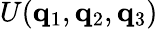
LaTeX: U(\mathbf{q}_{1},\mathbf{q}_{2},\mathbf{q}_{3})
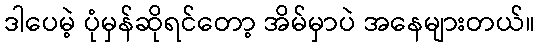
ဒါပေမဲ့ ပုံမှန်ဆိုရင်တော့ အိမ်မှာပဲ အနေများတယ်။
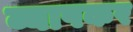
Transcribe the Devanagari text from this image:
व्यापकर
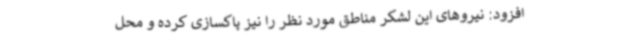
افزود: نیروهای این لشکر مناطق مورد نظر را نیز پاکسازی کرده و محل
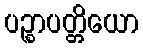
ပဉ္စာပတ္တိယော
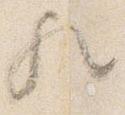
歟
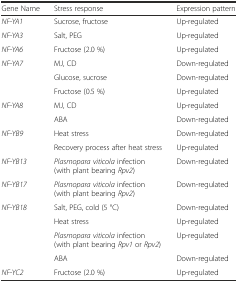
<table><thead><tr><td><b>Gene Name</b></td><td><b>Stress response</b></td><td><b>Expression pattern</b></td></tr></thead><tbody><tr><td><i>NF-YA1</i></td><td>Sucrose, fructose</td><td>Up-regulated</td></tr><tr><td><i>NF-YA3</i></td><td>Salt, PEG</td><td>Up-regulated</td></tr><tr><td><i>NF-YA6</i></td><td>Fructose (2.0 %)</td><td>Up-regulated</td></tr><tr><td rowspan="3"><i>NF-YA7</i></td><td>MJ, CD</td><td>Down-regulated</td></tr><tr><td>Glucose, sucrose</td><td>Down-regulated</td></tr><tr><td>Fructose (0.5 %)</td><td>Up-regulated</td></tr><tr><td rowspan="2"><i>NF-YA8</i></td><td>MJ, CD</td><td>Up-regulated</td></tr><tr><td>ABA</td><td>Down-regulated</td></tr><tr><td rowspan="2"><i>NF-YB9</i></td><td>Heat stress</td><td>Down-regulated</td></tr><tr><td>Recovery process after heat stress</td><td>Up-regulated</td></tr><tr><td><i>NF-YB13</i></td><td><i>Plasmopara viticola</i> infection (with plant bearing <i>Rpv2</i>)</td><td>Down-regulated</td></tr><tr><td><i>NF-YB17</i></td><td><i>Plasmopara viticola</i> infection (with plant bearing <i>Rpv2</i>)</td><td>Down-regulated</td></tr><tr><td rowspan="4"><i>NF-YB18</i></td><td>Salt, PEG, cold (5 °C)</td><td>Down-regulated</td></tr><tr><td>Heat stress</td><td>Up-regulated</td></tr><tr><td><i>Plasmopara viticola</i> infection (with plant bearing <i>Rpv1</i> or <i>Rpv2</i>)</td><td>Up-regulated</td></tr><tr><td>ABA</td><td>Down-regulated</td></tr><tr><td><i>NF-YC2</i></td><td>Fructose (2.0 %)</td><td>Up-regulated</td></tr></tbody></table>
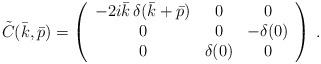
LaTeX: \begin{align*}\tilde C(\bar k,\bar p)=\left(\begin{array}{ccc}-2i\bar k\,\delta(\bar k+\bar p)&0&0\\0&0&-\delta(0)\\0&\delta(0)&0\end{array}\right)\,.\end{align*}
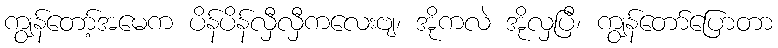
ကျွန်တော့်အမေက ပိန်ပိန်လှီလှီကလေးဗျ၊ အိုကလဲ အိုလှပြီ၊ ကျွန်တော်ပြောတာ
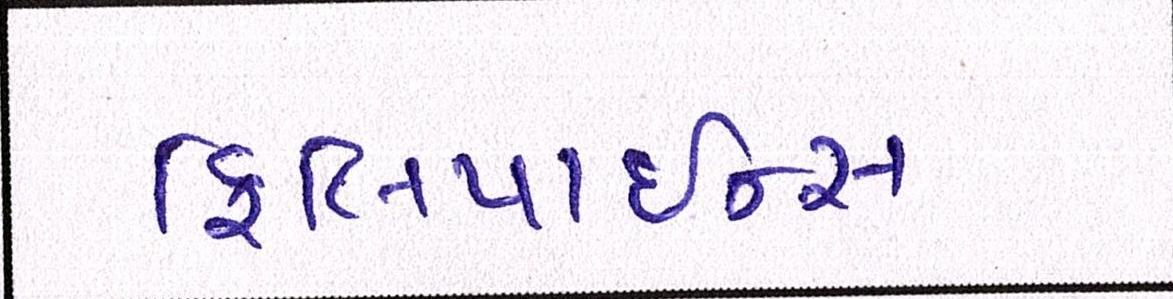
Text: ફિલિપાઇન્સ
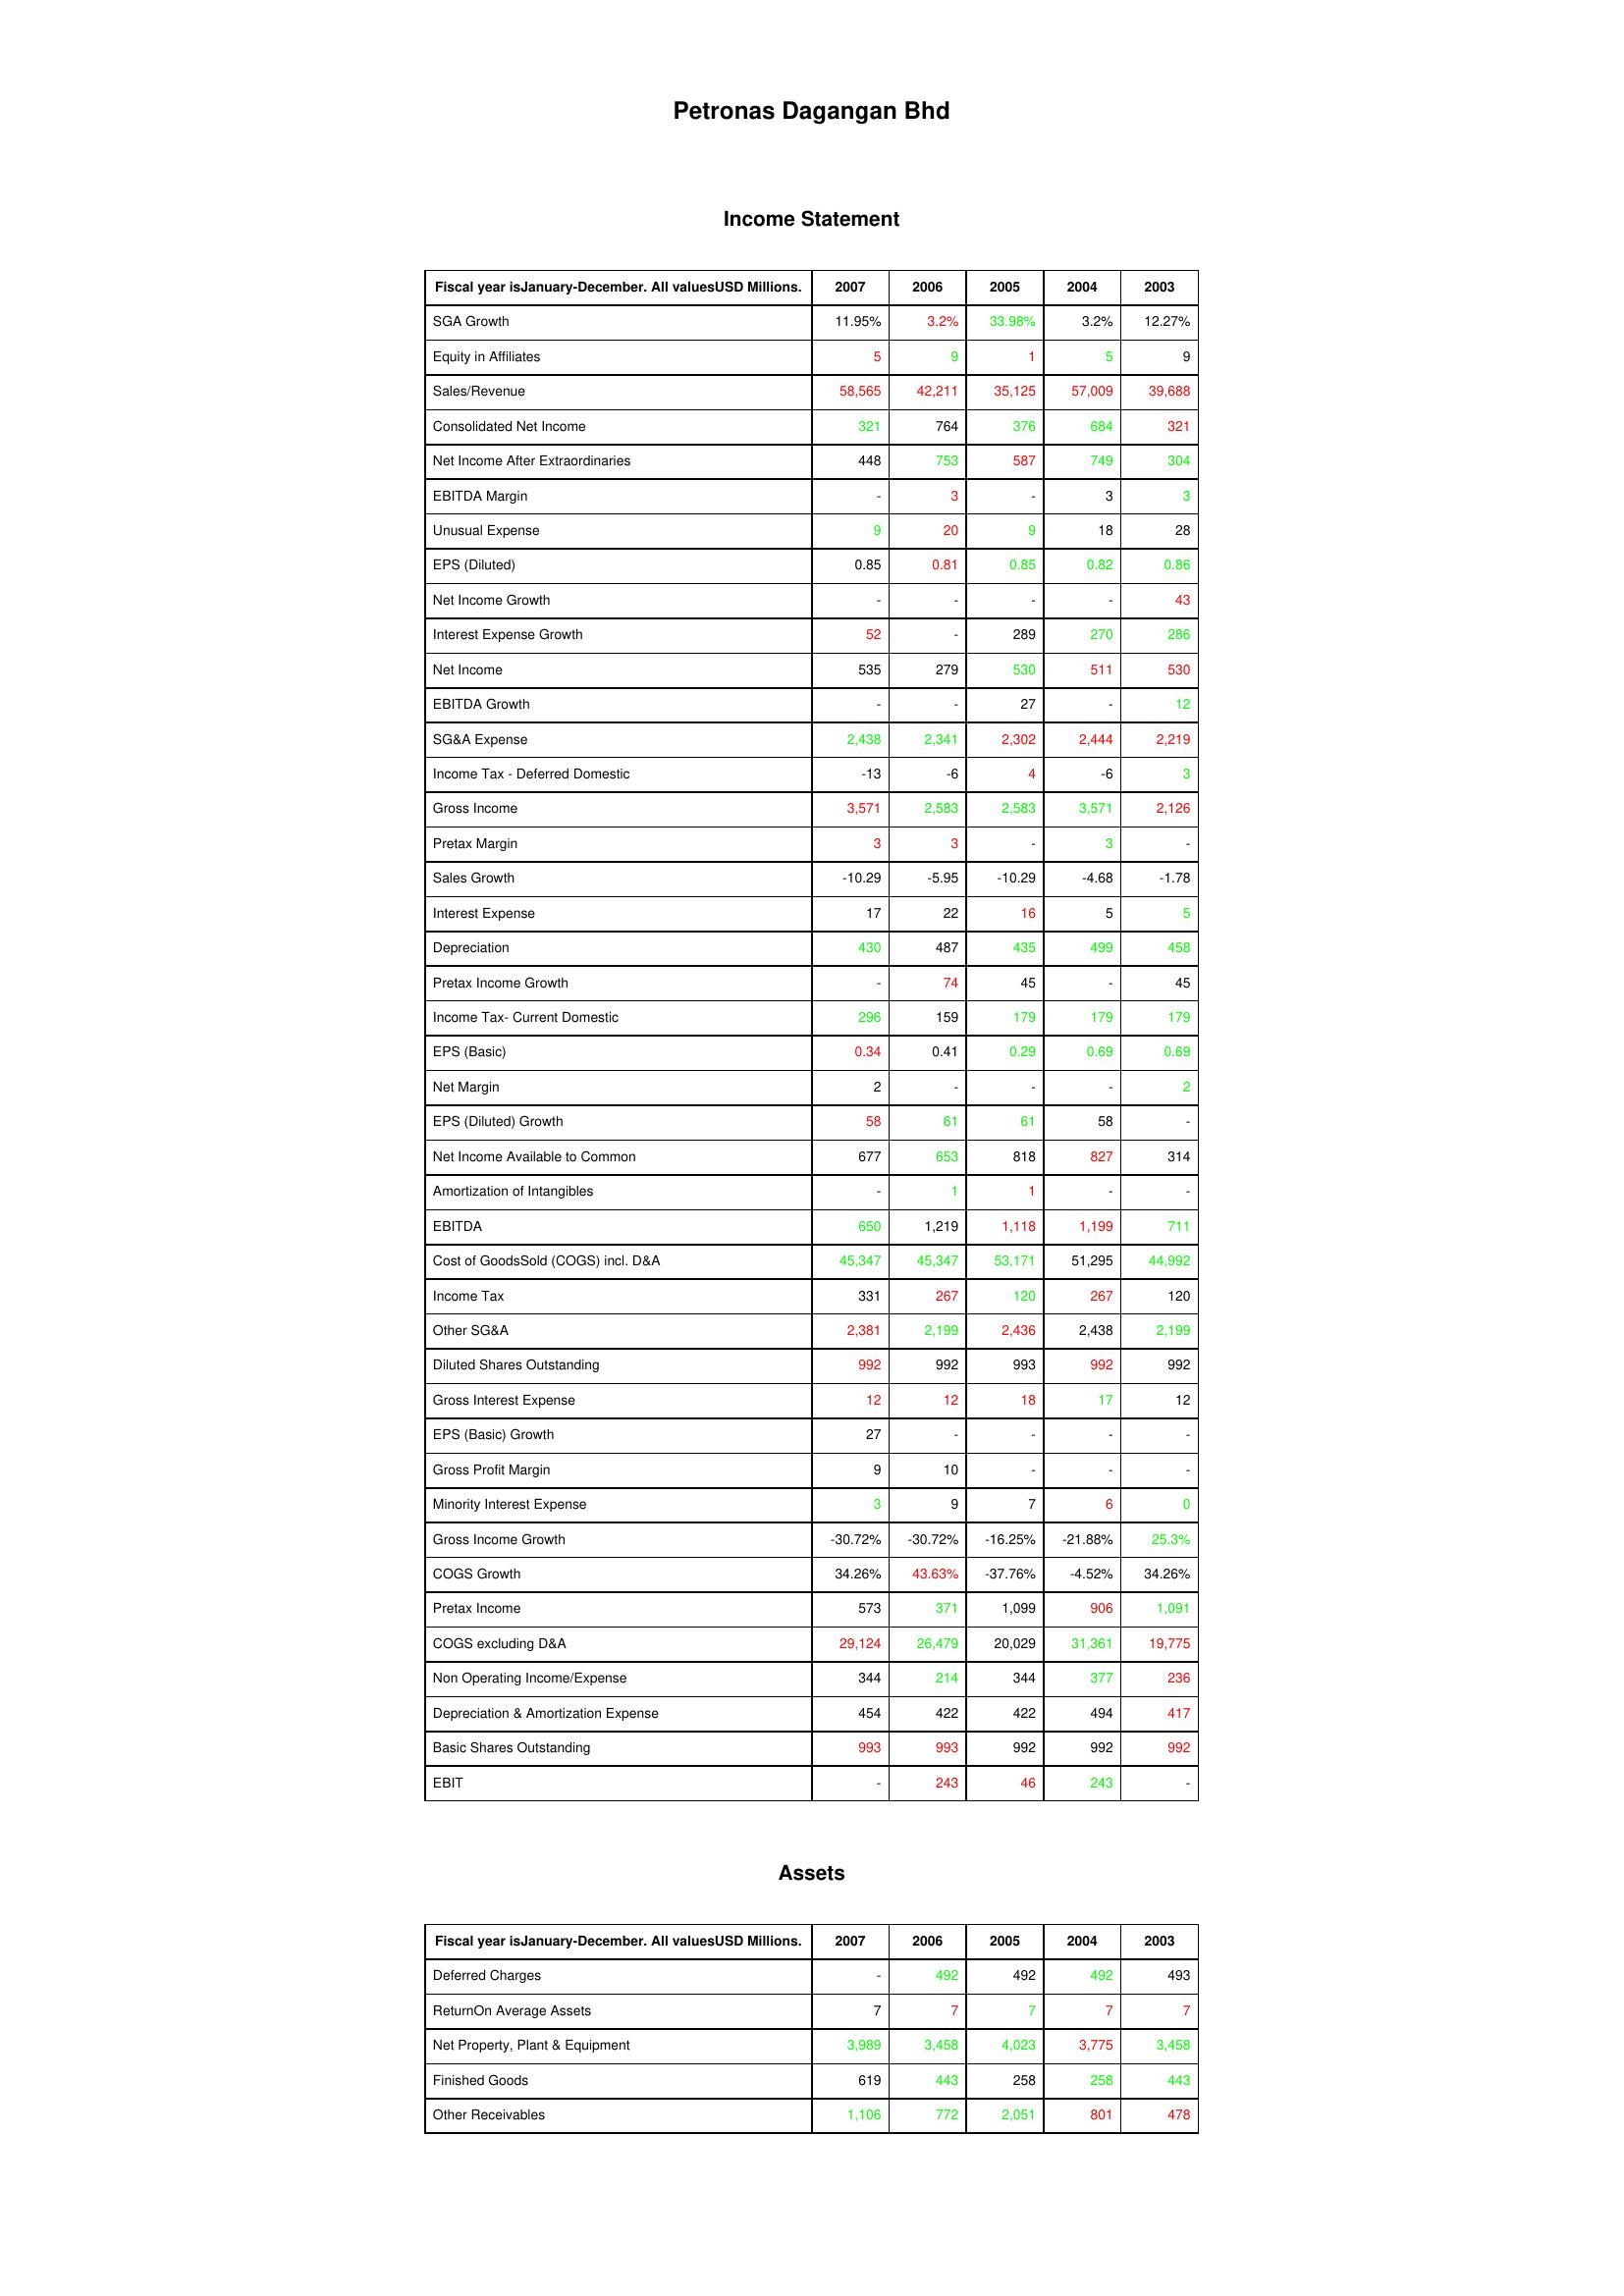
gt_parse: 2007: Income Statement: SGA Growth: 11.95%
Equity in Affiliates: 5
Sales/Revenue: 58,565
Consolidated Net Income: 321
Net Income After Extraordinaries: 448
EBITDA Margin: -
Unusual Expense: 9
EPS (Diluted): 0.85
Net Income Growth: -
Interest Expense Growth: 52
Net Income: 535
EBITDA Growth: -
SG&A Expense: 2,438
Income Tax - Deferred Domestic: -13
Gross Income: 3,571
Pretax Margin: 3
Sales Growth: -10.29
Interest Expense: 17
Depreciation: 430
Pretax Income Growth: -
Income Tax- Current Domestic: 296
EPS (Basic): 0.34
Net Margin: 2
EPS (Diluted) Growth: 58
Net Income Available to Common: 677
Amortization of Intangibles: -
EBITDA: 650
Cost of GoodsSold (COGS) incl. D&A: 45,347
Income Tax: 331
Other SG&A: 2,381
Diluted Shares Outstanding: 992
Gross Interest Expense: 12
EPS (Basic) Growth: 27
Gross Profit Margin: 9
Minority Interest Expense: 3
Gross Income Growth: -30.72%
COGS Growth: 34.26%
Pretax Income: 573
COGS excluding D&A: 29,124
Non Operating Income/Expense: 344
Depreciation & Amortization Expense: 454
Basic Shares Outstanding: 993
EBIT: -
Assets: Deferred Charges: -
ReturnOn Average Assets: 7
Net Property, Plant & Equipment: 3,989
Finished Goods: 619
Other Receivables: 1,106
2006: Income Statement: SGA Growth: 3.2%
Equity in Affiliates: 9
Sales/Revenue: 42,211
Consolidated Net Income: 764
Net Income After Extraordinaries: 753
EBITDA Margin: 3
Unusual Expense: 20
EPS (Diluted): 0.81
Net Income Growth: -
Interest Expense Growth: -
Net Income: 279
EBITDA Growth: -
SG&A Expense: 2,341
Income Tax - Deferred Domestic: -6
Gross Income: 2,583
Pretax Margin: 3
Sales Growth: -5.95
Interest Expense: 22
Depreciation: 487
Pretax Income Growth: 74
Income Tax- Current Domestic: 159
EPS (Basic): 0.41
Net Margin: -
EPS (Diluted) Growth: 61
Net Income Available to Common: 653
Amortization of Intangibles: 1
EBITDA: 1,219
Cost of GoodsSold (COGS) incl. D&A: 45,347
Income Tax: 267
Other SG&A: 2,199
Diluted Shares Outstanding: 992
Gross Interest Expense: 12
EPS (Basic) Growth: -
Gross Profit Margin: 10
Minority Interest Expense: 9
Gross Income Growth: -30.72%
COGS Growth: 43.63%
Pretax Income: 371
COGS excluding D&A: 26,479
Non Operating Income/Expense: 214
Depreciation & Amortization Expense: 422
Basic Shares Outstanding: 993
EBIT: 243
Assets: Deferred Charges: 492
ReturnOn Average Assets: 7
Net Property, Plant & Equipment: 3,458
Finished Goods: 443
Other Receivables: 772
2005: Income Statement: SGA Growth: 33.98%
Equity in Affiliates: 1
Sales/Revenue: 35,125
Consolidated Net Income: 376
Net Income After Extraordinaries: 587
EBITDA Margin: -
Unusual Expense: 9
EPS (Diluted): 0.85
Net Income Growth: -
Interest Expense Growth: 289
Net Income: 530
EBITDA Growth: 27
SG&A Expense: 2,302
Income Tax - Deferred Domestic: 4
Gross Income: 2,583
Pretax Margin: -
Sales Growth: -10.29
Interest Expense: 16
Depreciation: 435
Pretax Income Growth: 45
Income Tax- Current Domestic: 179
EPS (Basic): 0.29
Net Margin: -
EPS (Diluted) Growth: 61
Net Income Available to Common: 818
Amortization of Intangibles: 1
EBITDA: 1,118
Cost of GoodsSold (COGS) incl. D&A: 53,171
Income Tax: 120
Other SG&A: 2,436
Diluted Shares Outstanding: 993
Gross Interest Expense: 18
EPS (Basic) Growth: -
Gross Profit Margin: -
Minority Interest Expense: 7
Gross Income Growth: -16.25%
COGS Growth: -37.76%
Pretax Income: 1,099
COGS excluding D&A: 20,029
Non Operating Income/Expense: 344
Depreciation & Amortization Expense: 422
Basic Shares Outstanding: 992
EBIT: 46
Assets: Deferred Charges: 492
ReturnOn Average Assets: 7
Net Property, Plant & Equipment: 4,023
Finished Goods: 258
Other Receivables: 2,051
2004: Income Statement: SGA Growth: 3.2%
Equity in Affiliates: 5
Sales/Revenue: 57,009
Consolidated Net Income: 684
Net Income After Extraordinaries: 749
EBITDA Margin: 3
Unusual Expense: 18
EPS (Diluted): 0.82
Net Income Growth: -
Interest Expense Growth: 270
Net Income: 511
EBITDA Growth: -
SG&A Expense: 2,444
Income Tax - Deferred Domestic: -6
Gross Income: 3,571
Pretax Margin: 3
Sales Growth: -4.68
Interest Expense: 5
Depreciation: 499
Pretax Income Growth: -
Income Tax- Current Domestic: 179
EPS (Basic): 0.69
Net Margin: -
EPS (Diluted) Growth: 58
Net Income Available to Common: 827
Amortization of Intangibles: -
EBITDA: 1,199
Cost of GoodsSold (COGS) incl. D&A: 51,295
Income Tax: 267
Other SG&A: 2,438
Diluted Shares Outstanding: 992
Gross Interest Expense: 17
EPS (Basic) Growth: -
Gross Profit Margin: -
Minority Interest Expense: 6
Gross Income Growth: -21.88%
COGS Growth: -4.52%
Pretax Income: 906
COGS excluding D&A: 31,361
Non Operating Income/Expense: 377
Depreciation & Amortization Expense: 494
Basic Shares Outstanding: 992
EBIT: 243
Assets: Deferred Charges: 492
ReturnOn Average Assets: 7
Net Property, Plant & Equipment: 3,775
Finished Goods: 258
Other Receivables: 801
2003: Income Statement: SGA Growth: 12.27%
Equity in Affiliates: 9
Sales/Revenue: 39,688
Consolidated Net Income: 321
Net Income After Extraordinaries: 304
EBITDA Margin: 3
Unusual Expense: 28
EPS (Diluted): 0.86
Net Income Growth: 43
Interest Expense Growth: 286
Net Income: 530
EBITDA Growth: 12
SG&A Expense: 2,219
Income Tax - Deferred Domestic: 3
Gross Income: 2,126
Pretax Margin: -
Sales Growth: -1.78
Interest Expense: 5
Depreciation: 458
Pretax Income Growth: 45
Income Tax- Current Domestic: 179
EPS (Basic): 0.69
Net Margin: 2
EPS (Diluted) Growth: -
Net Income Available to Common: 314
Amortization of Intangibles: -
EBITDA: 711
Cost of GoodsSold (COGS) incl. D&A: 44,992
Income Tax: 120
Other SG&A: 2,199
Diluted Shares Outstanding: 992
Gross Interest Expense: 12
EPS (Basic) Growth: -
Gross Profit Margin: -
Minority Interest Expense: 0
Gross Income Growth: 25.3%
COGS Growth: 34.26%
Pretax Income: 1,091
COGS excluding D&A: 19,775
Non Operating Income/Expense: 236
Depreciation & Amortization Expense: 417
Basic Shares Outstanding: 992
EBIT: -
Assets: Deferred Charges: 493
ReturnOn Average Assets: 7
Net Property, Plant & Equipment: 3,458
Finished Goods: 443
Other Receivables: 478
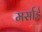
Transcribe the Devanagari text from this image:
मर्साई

# EXERCISE INSTRUCTIONS
Find the word "Cost" in the records, and report each line that has it.

# COMPLETED TASK
Cost of GoodsSold (COGS) incl. D&A: 45,347
Cost of GoodsSold (COGS) incl. D&A: 45,347
Cost of GoodsSold (COGS) incl. D&A: 53,171
Cost of GoodsSold (COGS) incl. D&A: 51,295
Cost of GoodsSold (COGS) incl. D&A: 44,992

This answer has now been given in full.